*** GIVEN DATA ***

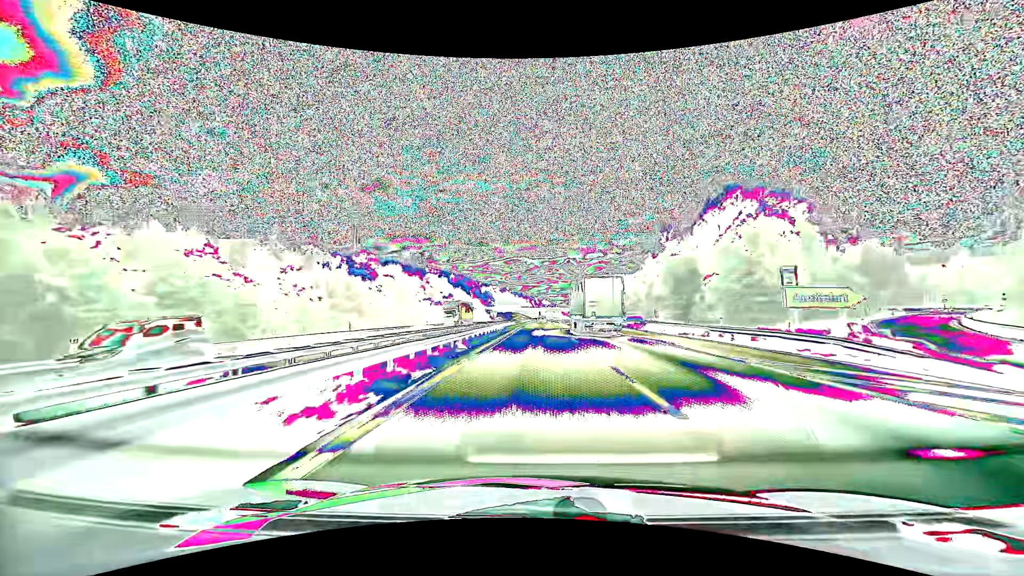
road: motorway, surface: asphalt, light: Day
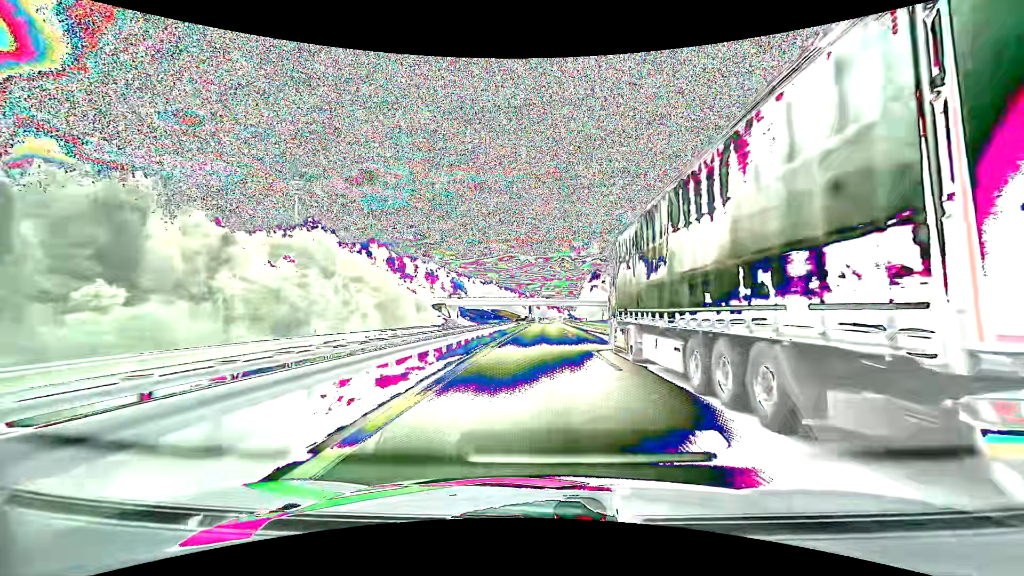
(+0.8, +102.4) m; +1°
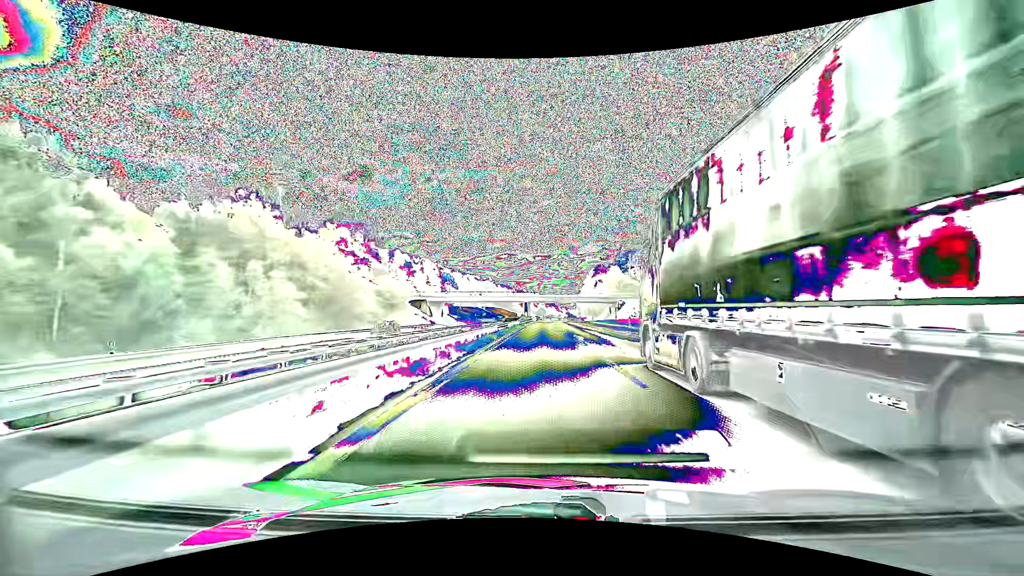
(+0.1, +20.4) m; 0°
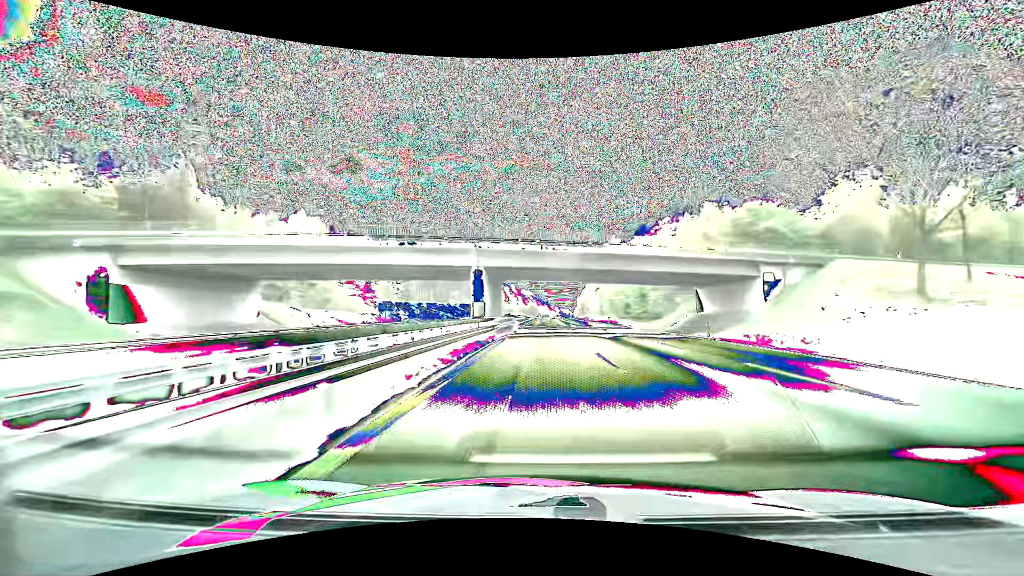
(+0.6, +80.8) m; +1°
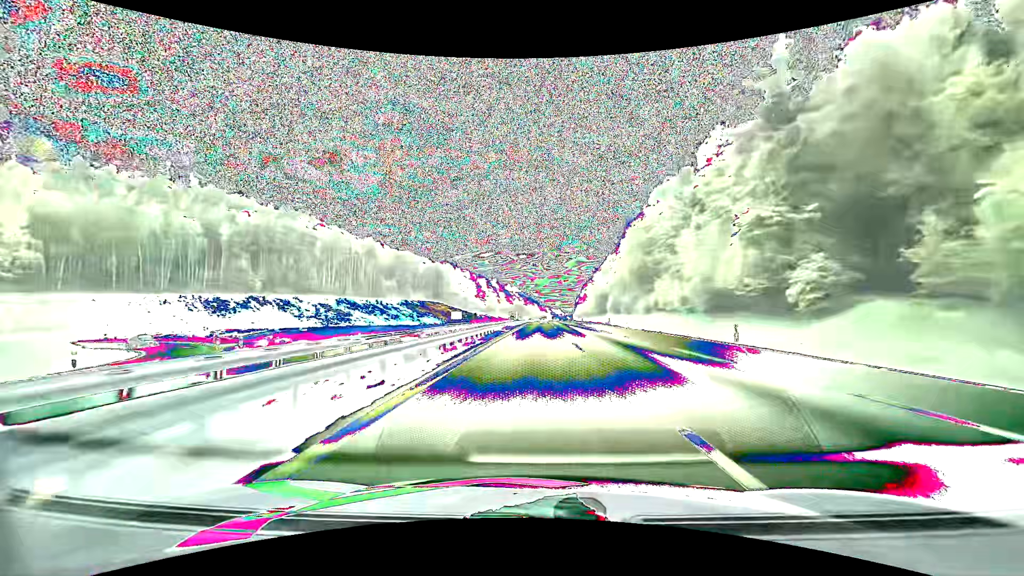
(+1.0, +101.6) m; +1°
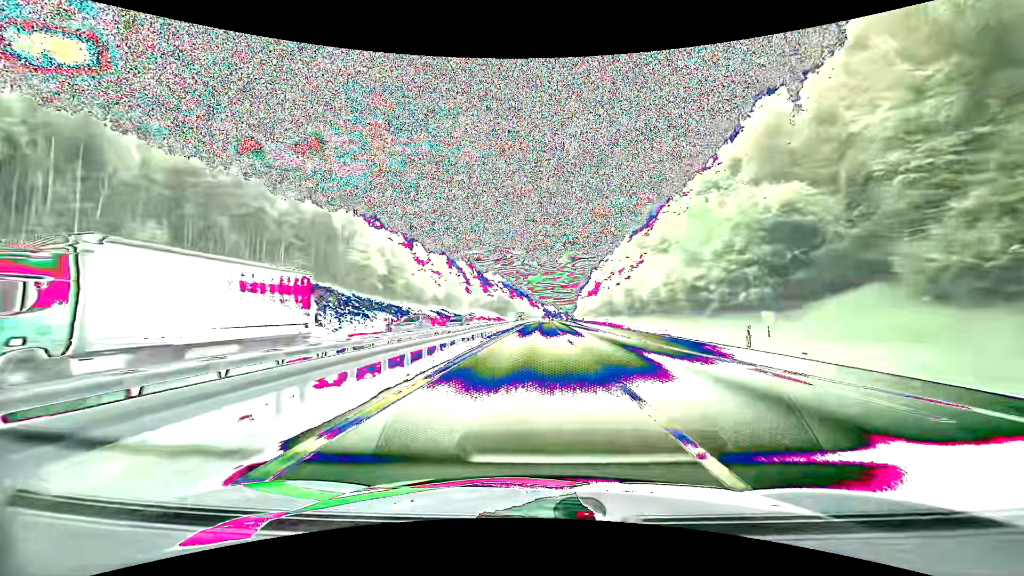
(+0.7, +104.1) m; +1°
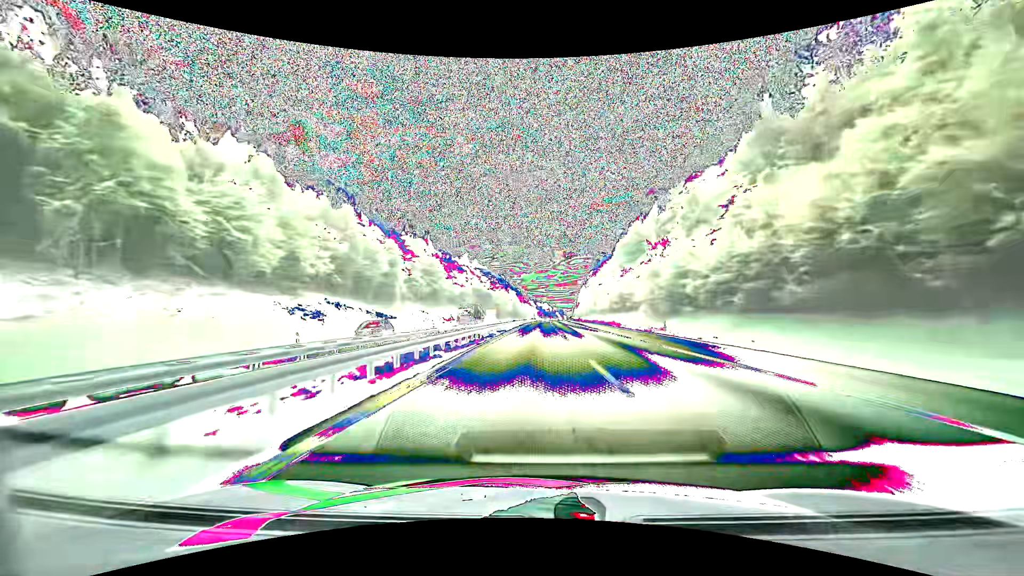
(+0.6, +85.0) m; +1°
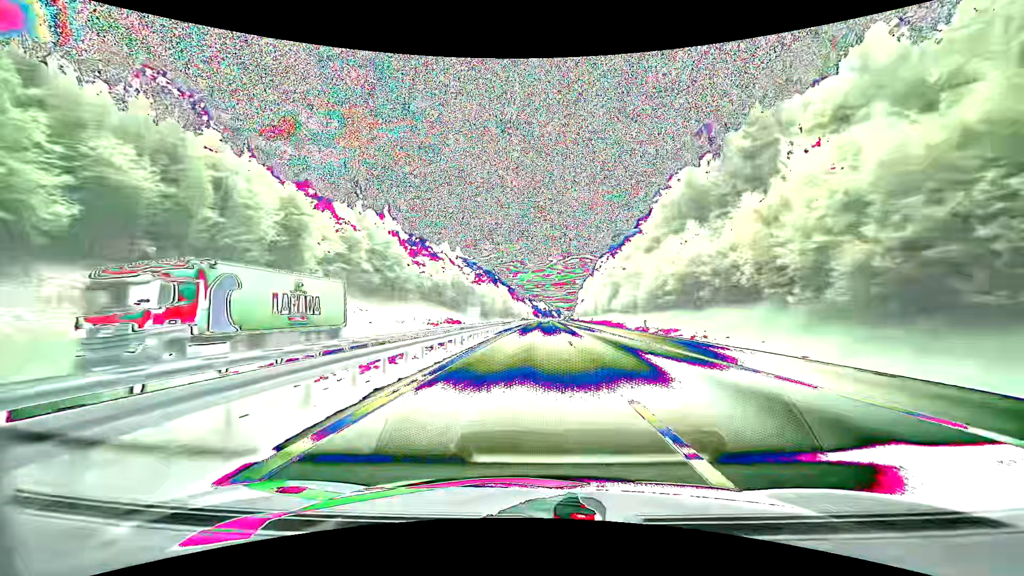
(+0.2, +43.1) m; 0°
(0, +10) (0, +20) (0, +30) (0, +40) (0, +50) (0, +60) (0, +70) (0, +80) (+1, +90) (+1, +100) m

*** End of GIVEN DATA ***

## TASK TO COMPLETE
When you repeat the data, keep it exact and drop every picture.

## RESULT BELOW
road: motorway, surface: asphalt, light: Day
(+0.8, +102.4) m; +1°
(+0.1, +20.4) m; 0°
(+0.6, +80.8) m; +1°
(+1.0, +101.6) m; +1°
(+0.7, +104.1) m; +1°
(+0.6, +85.0) m; +1°
(+0.2, +43.1) m; 0°
(0, +10) (0, +20) (0, +30) (0, +40) (0, +50) (0, +60) (0, +70) (0, +80) (+1, +90) (+1, +100) m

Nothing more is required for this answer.